If US and NATO troops battling the militia failed to take up the offer, they would suffer a defeat like Soviet forces in Afghanistan in the 1980s, he said in a statement message posted on the Internet yesterday.
“I say to the invaders: If you leave our country, we will provide you the safe context to do so,” Omar, who has a US$25 million US bounty on his head, said in the statement marking the Muslim festival of Eid al-Fitr. “If you insist on your invasion, you will be defeated like the Russians before you.”
The Red Army pulled out of Afghanistan in 1989 after 10 years of fighting that cost the lives of at least 10,000 Soviet troops. A civil war followed after which Omar’s Taliban movement took power in 1996.
“There are thousands of security forces ... and it is clear that they are criminal, thieves, and the people can not trust the security forces at all,” Omar said. “Foreign forces are the thieves of our culture, faith, as well as natural resources, in the same way the army and police steal the money, dignity and the honor of the people.”
Omar also called on militants not to harm civilians during their operations.
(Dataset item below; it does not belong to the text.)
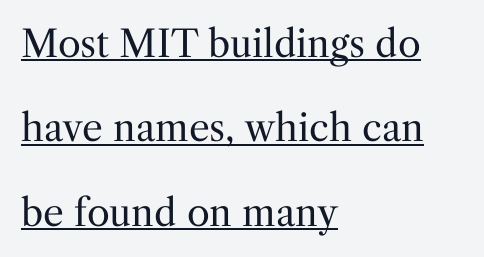
A serif font was chosen for this passage. Weight: regular or lighter. In terms of posture, this sample is upright. Looks like regular typesetting: each glyph gets only the width it needs.

There was no immediate reaction from the US-led coalition, which invaded Afghanistan to oust the Taliban after the Sept. 11, 2001, attacks in the US, or the separate NATO-led International Security Assistance Force.
Omar, who has been in hiding since the fall of the Taliban government in late 2001, said in the message that he offered his support to all those fighting foreign troops in Afghanistan.
“The Americans, with their advanced technology, could not have predicted their defeat, but now, with God’s help, every day they welcome their soldiers’ dead bodies and are facing severe losses of lives and finance,” he said. “Several years ago, no one thought that Americans and their friends would face such hard resistance, that today the [Afghan] president and his ministers would beg for money, weapons and soldiers while no one gives a positive answer.”
Afghan President Hamid Karzai said yesterday he has asked the king of Saudi Arabia to help facilitate peace talks with the Taliban.
Karzai said there has not yet been any negotiations, only requests for help. But he said that Afghan officials have traveled to both Saudi Arabia and to Pakistan in hopes of ending the conflict.
“For the last two years, I’ve sent letters to the king of Saudi Arabia, and I’ve sent messages, and I requested from him as the leader of the Islamic world, for the security and prosperity of Afghanistan and for reconciliation in Afghanistan ... he should help us,” Karzai said.
Speaking on the grounds of the presidential palace, where he gave his traditional Eid-al Fitr message to Afghans, Karzai said his government was trying to encourage militants to lay down arms.
Karzai said he would personally protect Taliban and other militant leaders from US and NATO troops if they come back to Afghanistan for talks.
Omar’s message did not include any indication of willingness to talk to Karzai’s government.